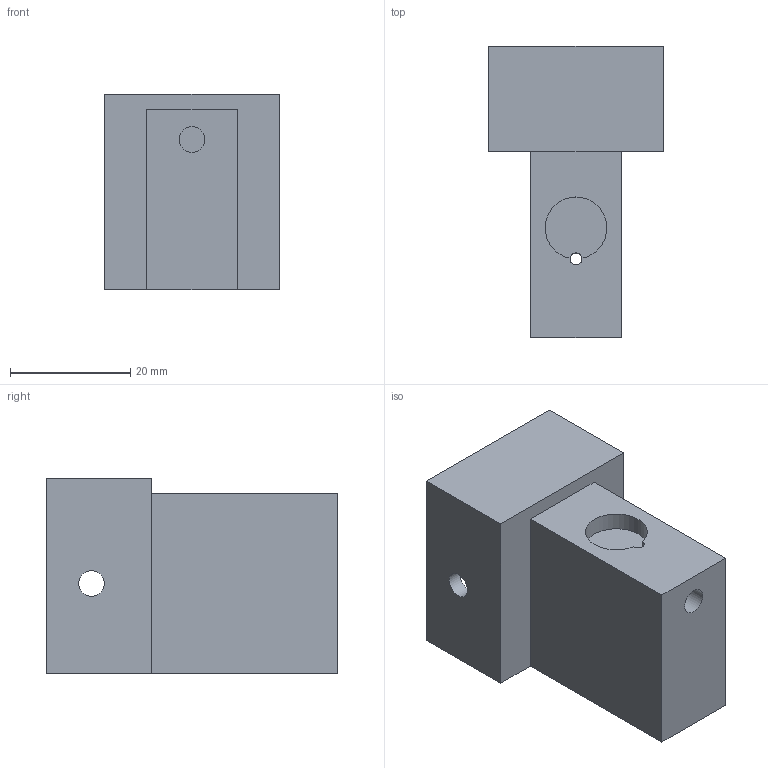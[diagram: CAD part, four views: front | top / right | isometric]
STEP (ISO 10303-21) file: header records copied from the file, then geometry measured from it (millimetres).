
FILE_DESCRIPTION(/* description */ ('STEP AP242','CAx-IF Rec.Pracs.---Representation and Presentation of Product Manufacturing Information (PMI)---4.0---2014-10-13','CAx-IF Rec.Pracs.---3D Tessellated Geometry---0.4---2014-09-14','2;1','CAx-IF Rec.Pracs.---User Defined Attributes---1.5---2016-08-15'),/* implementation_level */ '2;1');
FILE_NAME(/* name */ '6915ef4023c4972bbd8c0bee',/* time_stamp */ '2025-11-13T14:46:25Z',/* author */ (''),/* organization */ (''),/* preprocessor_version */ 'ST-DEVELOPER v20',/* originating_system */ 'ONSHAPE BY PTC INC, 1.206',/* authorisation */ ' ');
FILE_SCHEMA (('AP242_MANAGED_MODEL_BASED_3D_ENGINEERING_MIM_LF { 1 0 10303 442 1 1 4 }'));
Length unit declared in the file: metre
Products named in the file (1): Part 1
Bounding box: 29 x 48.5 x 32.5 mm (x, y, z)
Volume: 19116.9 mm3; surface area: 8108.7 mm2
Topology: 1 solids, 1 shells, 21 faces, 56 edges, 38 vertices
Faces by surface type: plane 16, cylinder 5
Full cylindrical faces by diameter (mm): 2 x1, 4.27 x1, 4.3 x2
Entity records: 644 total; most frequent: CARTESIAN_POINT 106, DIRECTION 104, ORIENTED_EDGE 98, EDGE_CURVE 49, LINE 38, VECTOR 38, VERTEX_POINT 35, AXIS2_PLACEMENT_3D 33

########

* _WHAT THE TASK ASKS_
Go through the listing above and write out exactly the lines starting with the one holding "0 10303 442" and running through the one holding "Faces by surface type: plane 16, cylinder 5", ends included, and no others.

* _TASK OUTPUT_
FILE_SCHEMA (('AP242_MANAGED_MODEL_BASED_3D_ENGINEERING_MIM_LF { 1 0 10303 442 1 1 4 }'));
Length unit declared in the file: metre
Products named in the file (1): Part 1
Bounding box: 29 x 48.5 x 32.5 mm (x, y, z)
Volume: 19116.9 mm3; surface area: 8108.7 mm2
Topology: 1 solids, 1 shells, 21 faces, 56 edges, 38 vertices
Faces by surface type: plane 16, cylinder 5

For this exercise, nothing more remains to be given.